Line 149 Sentence should start with “To” rather than “The”
Line 211 spelling of neighbor.
Figure 6. Since the MAE seems to be more interesting than the MAD, it might be preferable to plot the MAE as the colors and the MAD on the z axis. It is easier to judge the value of the colors than the value along the z axis.
Figure 6. Are the numbers on the color scale correct? In experiments.py, colors are broken into values from 0 to 0.02 (rather than 0 to 0.2) and listing of values in nniMAEMAD variable show values up to about 0.02 rather than 0.2. Tick values on legend are set separately rather than being tied to values in the array.
Supplemental material.
I was able to download and run the python scripts provided with little trouble.
I had to comment out the lines pertaining to the use of LaTex (see below). These lines were not critical to producing the figures and the python scripts reproduced the figures in the manuscript without them.
# Check if LaTeX is installed to plot with consistent math font
from distutils.spawn import find_executable
if find_executable('latex'):
mpl.pyplot.rc('text', usetex=True)
Including these lines generated the following error.
!Latex Error: File `typelec.sty’ not found
In experiment.py line 116 changed
Dnni.NNI(xyz,C) to dnni.nni(xyc,c)
As the discreteNaturalNeighbourInterpolation.py has a function called nni, not NNI.
The evaluation is a bit cursory and a few suggestions are given for expanding it.

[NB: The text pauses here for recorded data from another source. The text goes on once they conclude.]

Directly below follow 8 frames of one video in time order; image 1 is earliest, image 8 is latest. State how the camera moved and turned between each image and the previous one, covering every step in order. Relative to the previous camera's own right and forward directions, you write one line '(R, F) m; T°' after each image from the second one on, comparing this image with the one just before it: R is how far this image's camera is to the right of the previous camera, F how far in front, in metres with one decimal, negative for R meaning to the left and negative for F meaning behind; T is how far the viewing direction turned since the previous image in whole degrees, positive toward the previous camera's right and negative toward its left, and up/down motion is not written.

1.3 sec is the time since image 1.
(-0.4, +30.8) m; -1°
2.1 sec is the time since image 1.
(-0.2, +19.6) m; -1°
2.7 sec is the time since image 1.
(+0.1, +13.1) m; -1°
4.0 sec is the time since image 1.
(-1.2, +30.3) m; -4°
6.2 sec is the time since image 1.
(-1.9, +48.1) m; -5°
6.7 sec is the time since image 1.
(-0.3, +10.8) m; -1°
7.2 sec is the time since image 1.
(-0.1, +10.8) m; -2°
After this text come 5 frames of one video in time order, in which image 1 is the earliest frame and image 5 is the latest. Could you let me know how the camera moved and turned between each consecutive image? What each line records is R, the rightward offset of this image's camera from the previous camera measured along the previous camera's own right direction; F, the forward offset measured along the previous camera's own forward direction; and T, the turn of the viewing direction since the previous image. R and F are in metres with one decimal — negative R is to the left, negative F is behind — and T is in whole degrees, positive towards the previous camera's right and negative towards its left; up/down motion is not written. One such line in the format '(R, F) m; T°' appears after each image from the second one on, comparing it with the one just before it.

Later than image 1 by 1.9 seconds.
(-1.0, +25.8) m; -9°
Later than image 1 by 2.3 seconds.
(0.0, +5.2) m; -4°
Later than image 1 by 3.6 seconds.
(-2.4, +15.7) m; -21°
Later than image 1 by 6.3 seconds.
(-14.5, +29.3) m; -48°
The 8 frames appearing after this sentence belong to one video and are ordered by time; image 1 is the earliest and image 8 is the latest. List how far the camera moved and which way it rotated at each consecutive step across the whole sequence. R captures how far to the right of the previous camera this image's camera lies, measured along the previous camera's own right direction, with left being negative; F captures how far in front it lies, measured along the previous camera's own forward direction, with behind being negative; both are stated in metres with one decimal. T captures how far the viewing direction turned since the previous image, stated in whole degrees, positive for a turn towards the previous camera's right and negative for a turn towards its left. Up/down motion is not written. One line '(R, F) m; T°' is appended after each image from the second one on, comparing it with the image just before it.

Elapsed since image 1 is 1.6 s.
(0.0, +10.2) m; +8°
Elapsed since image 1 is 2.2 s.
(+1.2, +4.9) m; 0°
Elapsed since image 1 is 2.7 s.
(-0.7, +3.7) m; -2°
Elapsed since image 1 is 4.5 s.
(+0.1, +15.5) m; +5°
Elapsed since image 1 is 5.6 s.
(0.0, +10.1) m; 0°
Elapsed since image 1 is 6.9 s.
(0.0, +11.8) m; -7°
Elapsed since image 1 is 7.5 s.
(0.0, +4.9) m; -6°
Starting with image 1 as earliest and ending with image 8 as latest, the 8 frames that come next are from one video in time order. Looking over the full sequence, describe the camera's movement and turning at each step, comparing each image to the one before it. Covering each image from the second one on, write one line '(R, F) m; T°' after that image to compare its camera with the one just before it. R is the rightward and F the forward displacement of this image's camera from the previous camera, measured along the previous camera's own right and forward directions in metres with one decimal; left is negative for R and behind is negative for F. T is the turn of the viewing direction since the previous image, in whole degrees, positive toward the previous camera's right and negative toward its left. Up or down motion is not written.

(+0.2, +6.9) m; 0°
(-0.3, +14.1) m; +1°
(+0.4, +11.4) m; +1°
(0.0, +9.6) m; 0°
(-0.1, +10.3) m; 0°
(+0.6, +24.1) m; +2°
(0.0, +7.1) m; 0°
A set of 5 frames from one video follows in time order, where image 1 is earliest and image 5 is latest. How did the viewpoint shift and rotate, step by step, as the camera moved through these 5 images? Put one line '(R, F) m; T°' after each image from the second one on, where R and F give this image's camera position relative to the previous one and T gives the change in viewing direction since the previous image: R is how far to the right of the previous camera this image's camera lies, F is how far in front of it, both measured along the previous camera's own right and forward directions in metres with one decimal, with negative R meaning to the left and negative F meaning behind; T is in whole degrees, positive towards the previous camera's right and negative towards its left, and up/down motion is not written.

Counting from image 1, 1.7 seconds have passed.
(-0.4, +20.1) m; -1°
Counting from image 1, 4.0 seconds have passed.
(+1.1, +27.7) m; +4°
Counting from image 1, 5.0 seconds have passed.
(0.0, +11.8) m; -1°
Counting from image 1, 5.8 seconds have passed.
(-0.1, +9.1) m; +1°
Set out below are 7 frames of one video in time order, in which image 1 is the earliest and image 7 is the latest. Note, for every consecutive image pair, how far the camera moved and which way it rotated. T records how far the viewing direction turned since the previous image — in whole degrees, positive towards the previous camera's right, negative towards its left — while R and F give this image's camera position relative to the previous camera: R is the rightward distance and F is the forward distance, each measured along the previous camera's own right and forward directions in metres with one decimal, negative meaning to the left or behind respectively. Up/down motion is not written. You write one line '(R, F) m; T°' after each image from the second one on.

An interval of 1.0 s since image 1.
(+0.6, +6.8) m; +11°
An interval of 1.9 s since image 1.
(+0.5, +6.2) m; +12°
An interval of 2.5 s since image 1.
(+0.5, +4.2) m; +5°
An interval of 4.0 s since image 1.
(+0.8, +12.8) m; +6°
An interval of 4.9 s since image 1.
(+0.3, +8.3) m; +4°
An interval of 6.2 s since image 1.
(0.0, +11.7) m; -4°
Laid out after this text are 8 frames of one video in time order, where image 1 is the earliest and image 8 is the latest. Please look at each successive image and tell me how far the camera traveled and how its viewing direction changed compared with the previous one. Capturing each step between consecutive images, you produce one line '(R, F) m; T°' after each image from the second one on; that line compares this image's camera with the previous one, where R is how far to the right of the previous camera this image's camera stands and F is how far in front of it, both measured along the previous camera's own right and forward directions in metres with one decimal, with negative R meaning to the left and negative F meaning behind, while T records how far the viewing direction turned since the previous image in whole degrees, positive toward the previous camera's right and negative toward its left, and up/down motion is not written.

The authors run 100 experiments for each combination of h (amount of correlation) and n (number of samplers). Each experiment has a different underlying simulated geometry and placement of samplers as both are generated with random processes. The MAE is computed for each of the 100 experiments and a median MAE and a median absolute deviation, MAD, are reported in Figure 6. It isn’t clear to me why the results from the 100 experiments are not just combined to calculate one value of MAE. There is no discussion provided about the MAD. MAD seems to be most strongly dependent on n (rather than h) which could be because the convex hull will tend to include less points for small n and thus each experiment represents a smaller sample size and so there will be more variation between the samples. Some discussion is needed if this metric is included.
Line 210-211 ‘indicate that the cross-validation error-distance field provides more accurate and precise estimates than the natural neighbour interpolation field” The range of values was 0 to 1. Whereas the range of errors was about 0 to 0.25. Consequently this statement is misleading as MAE is being used to compare datasets with different scales.
Lines 212-215. The summary is not particularly useful as is. All units are arbitrary which makes the evaluation dataset general but statements such as “when the number of data points n>= 40…. And spatial autocorrelation h>=1” are not useful in any other context. Can the authors construct a dimensionless quantity (perhaps number of samplers divided by area multiplied by autocorrelation distance squared) and look at performance as a function of that?
Line 214-215 “should perform well”. The criteria for good performance should be stated.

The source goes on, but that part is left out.